【柔道部物語:東京で一番強い女子部員】
都内の武道系大学の柔道部を卒業した後、7年程九州方面へ転勤し、東京に戻って来た時のお話です。
卒業後、まともに柔道を続けていなかったのですが、補欠の補欠である自分でもなんとかなると甘い考えもあり、遊びがてら稽古に参加しました。
監督は、学生時代と変わっていませんが、後輩がコーチとして、学生に指導していました。後輩は1年生の時からレギュラーで、業団に籍を置く傍ら、コーチとしています。
土曜日の夕方、キャプテンとマネージャーに許可をもらい、稽古に参加する事にしました。
学生時代は、あれ程稽古などしたくなかったのですが、自分から道場へ行くとは、変な気持ちです。
キャプテンから紹介された後、一緒に準備体操をしていると、後輩のコーチが道場にやってきて、めずらしいお客に気が付き、声をかけてきました。
大学生は、大変強くてスタミナもあり、歯も立ちませんでした。少し休んでいると、新しい学生がやって来て、引き続き稽古を行い、さらに自分の体力の無さを実感してしまいました。
現役学生の強さを実感していると、小柄な女子部員がやって来て、稽古する事になりました。(学生時代には、女子部員はいませんでした)
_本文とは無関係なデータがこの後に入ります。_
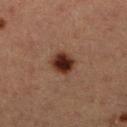Assessment:
Recorded during total-body skin imaging; not selected for excision or biopsy.
Context:
Captured under cross-polarized illumination. A female subject aged 38 to 42. This image is a 15 mm lesion crop taken from a total-body photograph. The lesion is on the right lower leg. An algorithmic analysis of the crop reported a mean CIELAB color near L≈24 a*≈19 b*≈22, about 14 CIELAB-L* units darker than the surrounding skin, and a normalized lesion–skin contrast near 14. The recorded lesion diameter is about 3 mm.
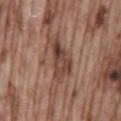Part of a total-body skin-imaging series; this lesion was reviewed on a skin check and was not flagged for biopsy.
Measured at roughly 5 mm in maximum diameter.
On the mid back.
A region of skin cropped from a whole-body photographic capture, roughly 15 mm wide.
A male subject aged approximately 75.
This is a white-light tile.
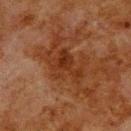<case>
  <biopsy_status>not biopsied; imaged during a skin examination</biopsy_status>
  <lesion_size>
    <long_diameter_mm_approx>4.5</long_diameter_mm_approx>
  </lesion_size>
  <lighting>cross-polarized</lighting>
  <patient>
    <sex>male</sex>
    <age_approx>80</age_approx>
  </patient>
  <image>
    <source>total-body photography crop</source>
    <field_of_view_mm>15</field_of_view_mm>
  </image>
  <site>upper back</site>
</case>
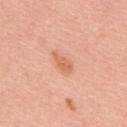This lesion was catalogued during total-body skin photography and was not selected for biopsy.
A close-up tile cropped from a whole-body skin photograph, about 15 mm across.
A male patient about 60 years old.
Located on the back.
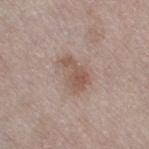workup: total-body-photography surveillance lesion; no biopsy
location: the right thigh
lesion diameter: ≈4 mm
patient: female, roughly 60 years of age
image: 15 mm crop, total-body photography
automated lesion analysis: a nevus-likeness score of about 40/100 and a lesion-detection confidence of about 100/100
lighting: white-light illumination
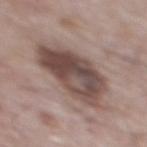A male patient aged approximately 65.
About 7 mm across.
Located on the upper back.
A 15 mm crop from a total-body photograph taken for skin-cancer surveillance.
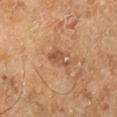{
  "biopsy_status": "not biopsied; imaged during a skin examination",
  "lesion_size": {
    "long_diameter_mm_approx": 3.0
  },
  "automated_metrics": {
    "cielab_L": 52,
    "cielab_a": 22,
    "cielab_b": 35,
    "vs_skin_darker_L": 9.0,
    "border_irregularity_0_10": 4.5,
    "color_variation_0_10": 1.5,
    "peripheral_color_asymmetry": 0.5,
    "nevus_likeness_0_100": 0,
    "lesion_detection_confidence_0_100": 100
  },
  "patient": {
    "sex": "male",
    "age_approx": 65
  },
  "image": {
    "source": "total-body photography crop",
    "field_of_view_mm": 15
  },
  "site": "right lower leg",
  "lighting": "cross-polarized"
}
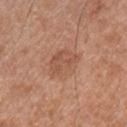Impression: Imaged during a routine full-body skin examination; the lesion was not biopsied and no histopathology is available. Context: The tile uses white-light illumination. A male patient, roughly 30 years of age. On the chest. Cropped from a total-body skin-imaging series; the visible field is about 15 mm. The lesion-visualizer software estimated a peripheral color-asymmetry measure near 1. The analysis additionally found an automated nevus-likeness rating near 10 out of 100. The lesion's longest dimension is about 4.5 mm.
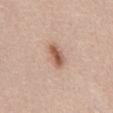Context: The lesion-visualizer software estimated a footprint of about 5.5 mm² and an outline eccentricity of about 0.85 (0 = round, 1 = elongated). The software also gave border irregularity of about 2.5 on a 0–10 scale and a color-variation rating of about 4/10. The lesion is on the abdomen. Cropped from a total-body skin-imaging series; the visible field is about 15 mm. This is a white-light tile. The patient is a female aged 28–32.
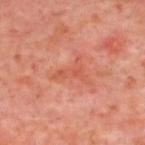Impression: Part of a total-body skin-imaging series; this lesion was reviewed on a skin check and was not flagged for biopsy. Image and clinical context: A roughly 15 mm field-of-view crop from a total-body skin photograph. The subject is in their mid-50s. Approximately 4 mm at its widest. This is a cross-polarized tile. The lesion is located on the upper back.
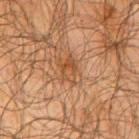Impression: No biopsy was performed on this lesion — it was imaged during a full skin examination and was not determined to be concerning. Acquisition and patient details: On the arm. Imaged with cross-polarized lighting. A male subject approximately 65 years of age. Measured at roughly 3 mm in maximum diameter. Cropped from a whole-body photographic skin survey; the tile spans about 15 mm.
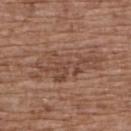illumination = white-light
site = the upper back
image = ~15 mm tile from a whole-body skin photo
patient = female, in their mid-70s
automated metrics = an area of roughly 20 mm², a shape eccentricity near 0.95, and a symmetry-axis asymmetry near 0.35
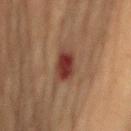Impression: Imaged during a routine full-body skin examination; the lesion was not biopsied and no histopathology is available. Clinical summary: Measured at roughly 4 mm in maximum diameter. A 15 mm close-up tile from a total-body photography series done for melanoma screening. Located on the left upper arm. A female subject in their 80s. Imaged with cross-polarized lighting.
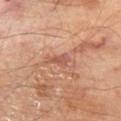Notes:
– follow-up: no biopsy performed (imaged during a skin exam)
– imaging modality: ~15 mm tile from a whole-body skin photo
– illumination: cross-polarized illumination
– subject: male, roughly 70 years of age
– anatomic site: the left thigh
– lesion diameter: about 2.5 mm
– automated metrics: a mean CIELAB color near L≈53 a*≈25 b*≈28; a border-irregularity rating of about 4/10, internal color variation of about 0.5 on a 0–10 scale, and a peripheral color-asymmetry measure near 0; a classifier nevus-likeness of about 0/100
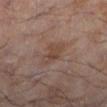Captured during whole-body skin photography for melanoma surveillance; the lesion was not biopsied.
Measured at roughly 3 mm in maximum diameter.
From the left lower leg.
A male patient aged 53 to 57.
This image is a 15 mm lesion crop taken from a total-body photograph.
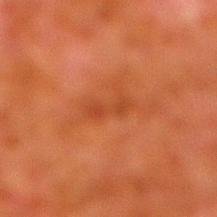Captured during whole-body skin photography for melanoma surveillance; the lesion was not biopsied. A roughly 15 mm field-of-view crop from a total-body skin photograph. A male patient, in their 80s. On the leg.
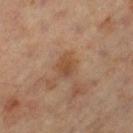<lesion>
<biopsy_status>not biopsied; imaged during a skin examination</biopsy_status>
<patient>
  <sex>male</sex>
  <age_approx>60</age_approx>
</patient>
<lesion_size>
  <long_diameter_mm_approx>3.0</long_diameter_mm_approx>
</lesion_size>
<lighting>cross-polarized</lighting>
<image>
  <source>total-body photography crop</source>
  <field_of_view_mm>15</field_of_view_mm>
</image>
<site>left thigh</site>
</lesion>
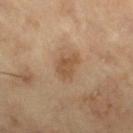workup = no biopsy performed (imaged during a skin exam)
patient = male, aged approximately 65
image = ~15 mm tile from a whole-body skin photo
lighting = cross-polarized illumination
automated metrics = a lesion area of about 6.5 mm², a shape eccentricity near 0.65, and two-axis asymmetry of about 0.35; an average lesion color of about L≈50 a*≈17 b*≈33 (CIELAB)
diameter = ~3.5 mm (longest diameter)
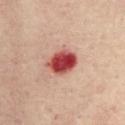biopsy status — catalogued during a skin exam; not biopsied | lesion size — ~4 mm (longest diameter) | location — the chest | illumination — cross-polarized illumination | subject — female, aged 43–47 | acquisition — ~15 mm crop, total-body skin-cancer survey.
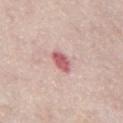This lesion was catalogued during total-body skin photography and was not selected for biopsy.
From the mid back.
A region of skin cropped from a whole-body photographic capture, roughly 15 mm wide.
A male patient aged 73 to 77.
The total-body-photography lesion software estimated an area of roughly 4.5 mm², a shape eccentricity near 0.65, and two-axis asymmetry of about 0.15. And it measured a color-variation rating of about 3/10 and a peripheral color-asymmetry measure near 1. The software also gave a lesion-detection confidence of about 100/100.
Measured at roughly 3 mm in maximum diameter.
This is a white-light tile.
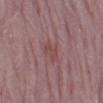| key | value |
|---|---|
| biopsy status | imaged on a skin check; not biopsied |
| site | the left lower leg |
| imaging modality | 15 mm crop, total-body photography |
| image-analysis metrics | about 6 CIELAB-L* units darker than the surrounding skin and a lesion-to-skin contrast of about 5.5 (normalized; higher = more distinct); a lesion-detection confidence of about 95/100 |
| subject | female, aged approximately 65 |
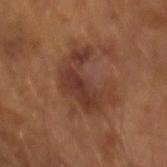Clinical impression:
No biopsy was performed on this lesion — it was imaged during a full skin examination and was not determined to be concerning.
Context:
An algorithmic analysis of the crop reported an average lesion color of about L≈35 a*≈21 b*≈26 (CIELAB) and a normalized lesion–skin contrast near 8. And it measured an automated nevus-likeness rating near 10 out of 100 and a lesion-detection confidence of about 100/100. A 15 mm crop from a total-body photograph taken for skin-cancer surveillance. Imaged with cross-polarized lighting. A male patient aged around 65.
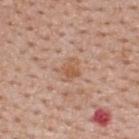Assessment: Captured during whole-body skin photography for melanoma surveillance; the lesion was not biopsied. Acquisition and patient details: The patient is a male approximately 40 years of age. The recorded lesion diameter is about 3 mm. On the upper back. Imaged with white-light lighting. Automated image analysis of the tile measured a lesion color around L≈57 a*≈21 b*≈32 in CIELAB and a lesion–skin lightness drop of about 7. And it measured a color-variation rating of about 3/10 and a peripheral color-asymmetry measure near 1. The software also gave a detector confidence of about 100 out of 100 that the crop contains a lesion. Cropped from a whole-body photographic skin survey; the tile spans about 15 mm.
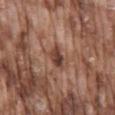Clinical impression:
The lesion was tiled from a total-body skin photograph and was not biopsied.
Image and clinical context:
A 15 mm crop from a total-body photograph taken for skin-cancer surveillance. The lesion is located on the mid back. Approximately 2.5 mm at its widest. This is a white-light tile. A male patient about 75 years old.
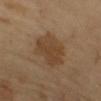Case summary:
* image · ~15 mm crop, total-body skin-cancer survey
* illumination · cross-polarized illumination
* patient · male, approximately 65 years of age
* automated lesion analysis · peripheral color asymmetry of about 0.5; a classifier nevus-likeness of about 35/100
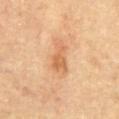Q: Is there a histopathology result?
A: total-body-photography surveillance lesion; no biopsy
Q: How large is the lesion?
A: ~4 mm (longest diameter)
Q: Illumination type?
A: cross-polarized illumination
Q: Lesion location?
A: the front of the torso
Q: What is the imaging modality?
A: total-body-photography crop, ~15 mm field of view
Q: What are the patient's age and sex?
A: male, approximately 85 years of age or older
Q: What did automated image analysis measure?
A: a lesion–skin lightness drop of about 10; a within-lesion color-variation index near 1.5/10 and peripheral color asymmetry of about 0.5
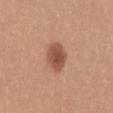Part of a total-body skin-imaging series; this lesion was reviewed on a skin check and was not flagged for biopsy. The subject is a female about 30 years old. The lesion is on the mid back. A region of skin cropped from a whole-body photographic capture, roughly 15 mm wide.
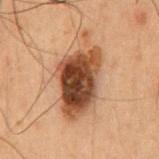Clinical impression: The lesion was photographed on a routine skin check and not biopsied; there is no pathology result. Image and clinical context: The recorded lesion diameter is about 9 mm. A roughly 15 mm field-of-view crop from a total-body skin photograph. The lesion is on the abdomen. A male patient, approximately 50 years of age. Imaged with cross-polarized lighting.
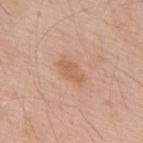<lesion>
<biopsy_status>not biopsied; imaged during a skin examination</biopsy_status>
<lesion_size>
  <long_diameter_mm_approx>3.5</long_diameter_mm_approx>
</lesion_size>
<patient>
  <sex>male</sex>
  <age_approx>55</age_approx>
</patient>
<image>
  <source>total-body photography crop</source>
  <field_of_view_mm>15</field_of_view_mm>
</image>
<lighting>white-light</lighting>
<site>upper back</site>
<automated_metrics>
  <cielab_L>60</cielab_L>
  <cielab_a>22</cielab_a>
  <cielab_b>34</cielab_b>
  <vs_skin_darker_L>7.0</vs_skin_darker_L>
  <vs_skin_contrast_norm>6.0</vs_skin_contrast_norm>
  <color_variation_0_10>2.0</color_variation_0_10>
  <peripheral_color_asymmetry>0.5</peripheral_color_asymmetry>
  <nevus_likeness_0_100>15</nevus_likeness_0_100>
  <lesion_detection_confidence_0_100>100</lesion_detection_confidence_0_100>
</automated_metrics>
</lesion>
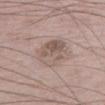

男子部員には、歯が立ちませんでしたが、女子部員となら、という甘い考えが、一瞬のうちに打ち砕かれることになろうとは、夢にも思いませんでした。
組んだ瞬間、もの凄い力で襟と袖を取られ、バランスを崩したところに、足をすくわれ、何とか持ち直したところ、懐に入り込まれた瞬間、天井が視界に入り、背中に衝撃が走り投げられたことに気が付きました。
立ち上がり再び組むと、左右に揺さぶられて、耐えていた所に、大外刈りで投げられ、時間終了まで手も足も出ない程、コテンパンに投げ続けられて、先輩の面目丸つぶれです。
息も絶え絶え状態で、礼をして休んでいると、監督がにやにやしながら、やって来ました。
どうやら、稽古をしていた女子部員は、東京で一番強く、女子では稽古には、ならず男子と稽古している様で、監督から自分と稽古してくるように、指示されて稽古してくれた様です。
その後、監督からの指示で、他の女子部員と寝技をし、目茶苦茶に抑え込まれ、終了後に道着を見てみると、胸に日の丸が刺繍されており、日本表候補の一人でした。
当時の女子柔道部は、全国でも1位2位の強豪で、私が逆立ちしてもかなう相手では、無かったようです。
しばらく、週末に大学の道場へ稽古に通っていましたが、仕事が忙しくなり自然と行かなくなってしまった30年程前の懐かしい思い出です。